However, the outcome of Google’s experiment did not meet all the criteria for proving quantum advantage; for example, the result was not efficiently verifiable on a classical computer. Other well-known work in this field, such as Shor's algorithm, is verifiable but still too complex to run on current quantum hardware. In the recently published scientific paper Complement Sampling: Provable, Verifiable and NISQable Quantum Advantage in Sample Complexity van Weggemans et al. on arXiv, a new approach to proving quantum advantage is presented, which is classically verifiable in a new setting.
Maximum quantum advantage in a new sample-to-sample problem
Weggemans et al. discovered that quantum computers can achieve maximum quantum advantage for a new type of problem in a so-called ‘sample-to-sample’ setting. This works as follows: a sample is a specific outcome of a random event, given a certain probability distribution over a set of possible outcomes. For example, when throwing a dice, the set of possible outcomes consists of the numbers 1 to 6, the probability distribution assigns each of these outcomes an equal probability, and we call each individual roll a sample. Samples are used in Machine Learning (samples as input, e.g. for training AI models) and in cryptography (samples as output, e.g. keys).
The researchers worked with a slightly different setting in this case: instead of generating as many random samples as possible, they focused on calculating how many input-samples would be needed for producing one single output sample. With this computation they show a situation exists where you can generate a desired output sample with certainty using only one quantum sample, while the number of classical samples needed scales by the order of the total number of possibilities. This proves that in this setting quantum technology can generate the maximum advantage compared to classical technology. Surprisingly, they used a quantum mechanics limitation to prove this: the fact that a measurement generally destroys a quantum state (without the possibility of regaining it).

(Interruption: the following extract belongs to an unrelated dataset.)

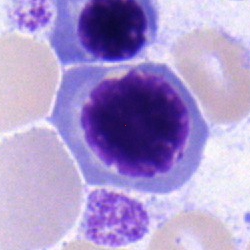

This is an erythroblast.

Experiment can be run on a quantum computer
The study shows the sample-to-sample problem works perfectly for each equal distribution of a set of numbers. They achieved the breakthrough by developing a new quantum algorithm that performs complement sampling by using only one quantum sample and proving that classically the number of samples scales with the total number of possible outcomes. If you can roll a randomly selected half of the numbers from 1 to 1,000,000 with a dice, they show it is possible to change the ‘quantum’ state of this dice into one in which it contains exactly the other half of the numbers (the so-called superposition). One can now perform a simple measure -the quantum equivalent of throwing a dice- and you will receive the outcome instantly. Weggemans: “Because the necessary quantum operations -setting up and switching the quantum dice- we expect this experiment to be executable on a real quantum computer in the near future.” This shows that the sample-to-sample setting quantum technology can do something which is intractable for classical computing technology.”
The research was conducted at the Algorithms & Complexity research group of Centrum Wiskunde & Informatica, the national research institute for mathematics and computer science in the Netherlands, with funding from Quantum Delta NL. Jordi Weggemans will receive his PhD degree on this topic at the UvA during 2025. This paper was created with significant contributions from supervisor Harry Buhrman (former CWI/QuSoft researcher, now Quantinuum) and Marcello Benedetti (Quantinuum).